The spontaneity of a reaction can be determined using the value of ΔG. If ΔG is negative, the reaction is spontaneous, and if ΔG is positive, the reaction is non-spontaneous. For this reaction, \(\Delta G=-1000 \mathrm{J}\). Since ΔG is negative, the reaction is spontaneous.

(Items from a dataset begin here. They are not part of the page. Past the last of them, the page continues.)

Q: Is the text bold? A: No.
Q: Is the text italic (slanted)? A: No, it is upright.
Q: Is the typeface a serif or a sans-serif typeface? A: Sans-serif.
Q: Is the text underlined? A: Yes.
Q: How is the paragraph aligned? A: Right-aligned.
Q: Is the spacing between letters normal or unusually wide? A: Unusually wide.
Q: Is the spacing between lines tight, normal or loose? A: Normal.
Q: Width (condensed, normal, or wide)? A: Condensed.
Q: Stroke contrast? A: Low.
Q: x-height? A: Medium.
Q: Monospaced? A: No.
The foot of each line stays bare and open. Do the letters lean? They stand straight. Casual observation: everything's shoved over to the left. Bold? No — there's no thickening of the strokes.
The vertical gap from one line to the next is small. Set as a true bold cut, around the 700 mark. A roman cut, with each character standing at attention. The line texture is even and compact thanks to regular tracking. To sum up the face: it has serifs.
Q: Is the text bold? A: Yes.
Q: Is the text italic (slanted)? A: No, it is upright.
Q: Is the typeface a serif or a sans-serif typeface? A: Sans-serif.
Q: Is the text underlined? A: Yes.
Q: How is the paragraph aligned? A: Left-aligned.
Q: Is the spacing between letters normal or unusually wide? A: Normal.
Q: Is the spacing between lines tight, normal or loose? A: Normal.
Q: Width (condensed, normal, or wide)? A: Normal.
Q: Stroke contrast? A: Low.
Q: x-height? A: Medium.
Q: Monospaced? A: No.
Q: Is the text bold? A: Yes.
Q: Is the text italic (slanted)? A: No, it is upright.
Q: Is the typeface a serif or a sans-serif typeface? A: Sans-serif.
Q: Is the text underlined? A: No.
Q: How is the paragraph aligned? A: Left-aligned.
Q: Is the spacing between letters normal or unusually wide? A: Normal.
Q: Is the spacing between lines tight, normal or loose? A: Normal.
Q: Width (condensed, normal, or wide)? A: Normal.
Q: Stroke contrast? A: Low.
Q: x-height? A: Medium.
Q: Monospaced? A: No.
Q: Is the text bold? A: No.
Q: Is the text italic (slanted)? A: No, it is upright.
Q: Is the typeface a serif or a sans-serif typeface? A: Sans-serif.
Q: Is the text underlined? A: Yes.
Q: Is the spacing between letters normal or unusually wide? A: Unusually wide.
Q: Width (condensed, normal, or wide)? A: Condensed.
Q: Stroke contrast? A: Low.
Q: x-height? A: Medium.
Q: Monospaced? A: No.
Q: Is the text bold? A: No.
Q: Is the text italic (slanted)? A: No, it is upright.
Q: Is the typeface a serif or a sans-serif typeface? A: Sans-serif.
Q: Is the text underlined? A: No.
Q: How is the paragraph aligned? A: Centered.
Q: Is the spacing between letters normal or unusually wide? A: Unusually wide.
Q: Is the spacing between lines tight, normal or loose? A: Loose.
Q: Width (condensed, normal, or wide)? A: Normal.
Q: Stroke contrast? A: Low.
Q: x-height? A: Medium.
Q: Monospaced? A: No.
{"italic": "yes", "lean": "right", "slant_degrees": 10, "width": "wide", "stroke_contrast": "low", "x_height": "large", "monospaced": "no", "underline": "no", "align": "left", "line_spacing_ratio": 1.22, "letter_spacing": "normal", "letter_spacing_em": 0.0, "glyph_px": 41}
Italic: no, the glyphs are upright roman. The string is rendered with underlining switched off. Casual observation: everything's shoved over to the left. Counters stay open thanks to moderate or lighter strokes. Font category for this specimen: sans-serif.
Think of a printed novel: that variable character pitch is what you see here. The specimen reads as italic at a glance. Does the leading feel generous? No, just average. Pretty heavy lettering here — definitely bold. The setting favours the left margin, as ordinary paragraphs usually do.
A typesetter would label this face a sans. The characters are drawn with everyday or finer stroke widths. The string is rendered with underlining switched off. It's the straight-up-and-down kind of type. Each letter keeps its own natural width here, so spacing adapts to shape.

Let's calculate the reaction quotient (Q) using the given partial pressures of the reactants and products. $$Q = \frac{(P_{NO_2})^2}{P_{N_2O_4}}$$ Plug in the given values: $$Q = \frac{(0.29 \mathrm{atm})^2}{1.6 \mathrm{atm}}$$ $$Q = 0.0521$$

We can find the equilibrium constant K using the formula: $$\Delta G = \Delta G^{\circ} + RT\ln{Q} $$ where R is the gas constant (8.314 J/(mol∙K)) Since ΔG < 0, we can rewrite the formula: $$\Delta G^{\circ} - \Delta G = - RT\ln{Q} $$ And we can find K using ΔG° and the formula: $$\Delta G^{\circ} = - RT\ln{K} $$ Now plug in the values: $$6000\mathrm{J} = 1000\mathrm{J} + 8.314\frac{\mathrm{J}}{\mathrm{mol} \cdot\mathrm{K}}\cdot T\ln{Q} $$ $$5000\mathrm{J} = 8.314\frac{\mathrm{J}}{\mathrm{mol} \cdot\mathrm{K}}\cdot T\ln{Q} $$ Now, we can find the value of K using the relation: $$\ln{K} = \frac{\Delta G^{\circ}}{- RT} $$ Plug in the values: $$\ln{K} = \frac{6000\mathrm{J}}{-8.314\frac{\mathrm{J}}{\mathrm{mol} \cdot\mathrm{K}}\cdot T} $$ We need to find the temperature first to get the value of K. To find the temperature, we use equation $$5000\mathrm{J} = 8.314\frac{\mathrm{J}}{\mathrm{mol} \cdot\mathrm{K}}\cdot T\ln{0.0521} $$ $$ T = \frac{5000\mathrm{J}}{{-8.314\frac{\mathrm{J}}{\mathrm{mol} \cdot\mathrm{K}}\cdot \ln{0.0521}} = 236.82 \,\mathrm{K}$$ Now plug back the Temperature and find K: $$\ln{K} = \frac{6000\mathrm{J}}{-8.314\frac{\mathrm{J}}{\mathrm{mol} \cdot\mathrm{K}}\cdot 236.82 \,\mathrm{K}} $$ $$\ln{K} = -2.86$$ $$K = e^{-2.86} = 0.057$$

a. The reverse reaction is spontaneous at these conditions. False. Since ΔG is negative, the forward reaction is spontaneous. b. At equilibrium, \(P_{N_{2}O_{4}}\) will be greater than 1.6 atm. False. Since K < 1, the value of \(P_{N_{2}O_{4}}\) will be less than 1.6 atm at equilibrium. c. The value of K for this reaction is greater than 1. False. We calculated the value of K to be 0.057, which is less than 1. d. The maximum amount of work this reaction can produce at these conditions is –6000 J. False. The maximum amount of work that can be produced is given by ΔG, which is -1000 J. e. The reaction is endothermic. False. Since ΔG° is positive and K < 1, the reaction is exothermic. Based on our analysis, all of the given statements are false.